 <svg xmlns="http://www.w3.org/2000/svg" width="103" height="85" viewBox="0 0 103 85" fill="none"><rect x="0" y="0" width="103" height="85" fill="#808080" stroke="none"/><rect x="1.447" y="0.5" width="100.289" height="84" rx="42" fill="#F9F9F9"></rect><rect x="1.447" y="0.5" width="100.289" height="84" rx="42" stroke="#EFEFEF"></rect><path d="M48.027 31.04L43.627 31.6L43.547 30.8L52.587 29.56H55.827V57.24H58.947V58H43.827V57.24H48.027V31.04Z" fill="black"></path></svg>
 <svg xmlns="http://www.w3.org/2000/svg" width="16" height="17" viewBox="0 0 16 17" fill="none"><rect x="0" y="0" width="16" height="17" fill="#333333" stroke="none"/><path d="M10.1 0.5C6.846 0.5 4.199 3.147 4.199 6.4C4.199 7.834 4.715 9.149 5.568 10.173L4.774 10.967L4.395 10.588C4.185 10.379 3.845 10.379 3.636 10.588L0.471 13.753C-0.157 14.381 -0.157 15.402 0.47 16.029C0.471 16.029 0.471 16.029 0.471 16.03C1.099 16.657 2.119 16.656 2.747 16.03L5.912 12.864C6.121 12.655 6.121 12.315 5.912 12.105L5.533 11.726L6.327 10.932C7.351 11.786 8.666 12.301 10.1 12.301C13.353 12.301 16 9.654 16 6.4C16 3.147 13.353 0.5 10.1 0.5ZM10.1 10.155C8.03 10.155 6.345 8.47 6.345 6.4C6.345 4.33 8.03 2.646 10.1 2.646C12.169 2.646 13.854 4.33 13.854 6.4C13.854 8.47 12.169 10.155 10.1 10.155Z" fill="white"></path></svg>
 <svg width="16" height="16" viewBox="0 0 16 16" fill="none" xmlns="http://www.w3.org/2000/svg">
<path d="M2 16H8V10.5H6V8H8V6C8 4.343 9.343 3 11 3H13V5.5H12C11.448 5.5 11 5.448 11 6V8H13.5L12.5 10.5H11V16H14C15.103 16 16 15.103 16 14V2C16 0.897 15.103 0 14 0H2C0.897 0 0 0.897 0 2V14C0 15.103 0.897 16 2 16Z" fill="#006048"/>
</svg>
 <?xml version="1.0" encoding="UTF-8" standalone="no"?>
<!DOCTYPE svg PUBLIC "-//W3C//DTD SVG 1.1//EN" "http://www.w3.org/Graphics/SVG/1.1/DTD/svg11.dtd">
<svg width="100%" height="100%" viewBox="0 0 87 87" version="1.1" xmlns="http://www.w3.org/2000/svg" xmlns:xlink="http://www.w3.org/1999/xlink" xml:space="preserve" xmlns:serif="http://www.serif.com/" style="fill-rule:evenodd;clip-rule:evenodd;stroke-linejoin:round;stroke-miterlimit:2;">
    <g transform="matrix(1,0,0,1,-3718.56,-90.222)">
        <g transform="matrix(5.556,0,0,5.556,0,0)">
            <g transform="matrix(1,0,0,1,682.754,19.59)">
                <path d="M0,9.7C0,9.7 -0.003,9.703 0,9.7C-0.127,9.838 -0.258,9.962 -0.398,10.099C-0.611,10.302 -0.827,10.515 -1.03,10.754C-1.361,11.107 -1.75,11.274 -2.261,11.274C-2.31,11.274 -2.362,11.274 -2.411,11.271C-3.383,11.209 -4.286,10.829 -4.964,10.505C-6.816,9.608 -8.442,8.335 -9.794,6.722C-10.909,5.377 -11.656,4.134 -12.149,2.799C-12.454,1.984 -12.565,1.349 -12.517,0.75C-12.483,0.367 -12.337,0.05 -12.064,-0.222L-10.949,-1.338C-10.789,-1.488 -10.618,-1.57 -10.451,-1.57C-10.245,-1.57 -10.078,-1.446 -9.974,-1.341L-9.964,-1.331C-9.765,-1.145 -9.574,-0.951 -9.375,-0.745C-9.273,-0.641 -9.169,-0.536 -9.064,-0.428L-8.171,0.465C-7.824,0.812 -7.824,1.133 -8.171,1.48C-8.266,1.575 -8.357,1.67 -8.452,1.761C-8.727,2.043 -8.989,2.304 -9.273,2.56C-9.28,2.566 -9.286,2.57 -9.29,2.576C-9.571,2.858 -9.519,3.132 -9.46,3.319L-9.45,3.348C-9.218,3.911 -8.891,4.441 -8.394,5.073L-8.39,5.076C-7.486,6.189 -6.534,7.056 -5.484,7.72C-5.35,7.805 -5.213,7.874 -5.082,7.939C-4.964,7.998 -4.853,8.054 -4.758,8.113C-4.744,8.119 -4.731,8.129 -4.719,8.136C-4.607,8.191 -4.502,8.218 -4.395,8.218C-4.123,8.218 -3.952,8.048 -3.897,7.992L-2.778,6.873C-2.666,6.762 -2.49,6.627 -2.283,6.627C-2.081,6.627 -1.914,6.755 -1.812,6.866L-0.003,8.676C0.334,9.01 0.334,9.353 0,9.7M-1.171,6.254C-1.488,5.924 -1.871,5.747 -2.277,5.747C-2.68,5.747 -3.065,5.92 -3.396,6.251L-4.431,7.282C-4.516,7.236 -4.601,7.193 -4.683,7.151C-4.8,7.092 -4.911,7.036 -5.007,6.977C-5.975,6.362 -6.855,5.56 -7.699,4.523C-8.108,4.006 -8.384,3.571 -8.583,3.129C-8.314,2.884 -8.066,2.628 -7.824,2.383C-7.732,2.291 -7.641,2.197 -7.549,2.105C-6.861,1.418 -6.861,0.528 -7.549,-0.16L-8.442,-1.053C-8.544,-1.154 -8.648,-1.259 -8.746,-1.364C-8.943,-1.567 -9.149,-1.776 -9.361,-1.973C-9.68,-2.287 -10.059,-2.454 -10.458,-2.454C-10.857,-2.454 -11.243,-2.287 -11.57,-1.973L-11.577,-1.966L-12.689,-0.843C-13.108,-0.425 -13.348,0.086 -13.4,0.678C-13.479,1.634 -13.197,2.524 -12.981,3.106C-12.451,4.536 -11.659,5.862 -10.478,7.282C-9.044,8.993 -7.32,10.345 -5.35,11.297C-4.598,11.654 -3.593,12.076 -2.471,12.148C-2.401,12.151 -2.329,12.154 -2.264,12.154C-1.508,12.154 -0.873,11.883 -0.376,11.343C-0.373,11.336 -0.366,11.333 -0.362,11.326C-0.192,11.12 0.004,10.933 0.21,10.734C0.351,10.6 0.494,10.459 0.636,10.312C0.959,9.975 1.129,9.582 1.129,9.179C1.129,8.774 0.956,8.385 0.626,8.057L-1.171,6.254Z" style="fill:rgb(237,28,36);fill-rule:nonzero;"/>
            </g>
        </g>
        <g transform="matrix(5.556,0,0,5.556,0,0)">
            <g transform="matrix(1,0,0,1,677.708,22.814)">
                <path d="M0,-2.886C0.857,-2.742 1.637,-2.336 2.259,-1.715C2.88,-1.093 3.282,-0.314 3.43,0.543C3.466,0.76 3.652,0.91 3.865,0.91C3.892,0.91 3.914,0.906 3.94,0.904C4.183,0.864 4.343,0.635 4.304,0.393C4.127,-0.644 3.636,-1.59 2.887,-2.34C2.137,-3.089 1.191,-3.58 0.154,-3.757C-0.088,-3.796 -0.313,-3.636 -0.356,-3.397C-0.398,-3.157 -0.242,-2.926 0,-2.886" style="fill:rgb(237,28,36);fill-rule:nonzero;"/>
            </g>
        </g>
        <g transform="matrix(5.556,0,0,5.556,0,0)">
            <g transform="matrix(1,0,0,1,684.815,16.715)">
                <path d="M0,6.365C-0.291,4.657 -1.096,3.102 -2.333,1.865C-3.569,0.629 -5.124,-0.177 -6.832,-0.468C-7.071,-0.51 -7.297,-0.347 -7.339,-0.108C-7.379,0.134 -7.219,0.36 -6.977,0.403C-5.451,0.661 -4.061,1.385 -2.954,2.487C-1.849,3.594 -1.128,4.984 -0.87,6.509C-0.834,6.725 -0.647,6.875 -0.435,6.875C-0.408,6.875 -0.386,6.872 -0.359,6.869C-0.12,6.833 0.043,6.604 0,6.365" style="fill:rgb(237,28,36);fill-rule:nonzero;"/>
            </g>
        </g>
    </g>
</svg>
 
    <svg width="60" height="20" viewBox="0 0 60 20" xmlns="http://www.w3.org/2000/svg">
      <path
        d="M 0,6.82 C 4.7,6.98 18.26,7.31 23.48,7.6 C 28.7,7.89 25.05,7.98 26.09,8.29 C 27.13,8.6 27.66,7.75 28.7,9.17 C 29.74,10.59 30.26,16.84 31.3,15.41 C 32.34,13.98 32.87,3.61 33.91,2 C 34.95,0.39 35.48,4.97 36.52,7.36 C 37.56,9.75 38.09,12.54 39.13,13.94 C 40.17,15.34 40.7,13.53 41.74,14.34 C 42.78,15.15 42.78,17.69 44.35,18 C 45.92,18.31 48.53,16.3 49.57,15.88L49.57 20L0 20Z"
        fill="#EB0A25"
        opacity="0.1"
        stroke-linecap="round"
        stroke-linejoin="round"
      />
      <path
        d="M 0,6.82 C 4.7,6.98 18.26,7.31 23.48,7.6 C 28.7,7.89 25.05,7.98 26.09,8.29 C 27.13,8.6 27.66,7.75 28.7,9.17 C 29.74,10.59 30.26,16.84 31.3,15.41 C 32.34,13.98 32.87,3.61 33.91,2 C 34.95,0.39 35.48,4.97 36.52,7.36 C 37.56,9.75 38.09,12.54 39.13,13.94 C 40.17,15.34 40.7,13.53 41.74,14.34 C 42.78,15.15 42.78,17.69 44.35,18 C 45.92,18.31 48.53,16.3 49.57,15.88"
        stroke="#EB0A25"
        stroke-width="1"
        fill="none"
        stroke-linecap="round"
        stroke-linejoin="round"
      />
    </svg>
####################
Problem requirements:
Show all lines from the entries that hold "version".

Output below:
 <?xml version="1.0" encoding="UTF-8" standalone="no"?>
<svg width="100%" height="100%" viewBox="0 0 87 87" version="1.1" xmlns="http://www.w3.org/2000/svg" xmlns:xlink="http://www.w3.org/1999/xlink" xml:space="preserve" xmlns:serif="http://www.serif.com/" style="fill-rule:evenodd;clip-rule:evenodd;stroke-linejoin:round;stroke-miterlimit:2;">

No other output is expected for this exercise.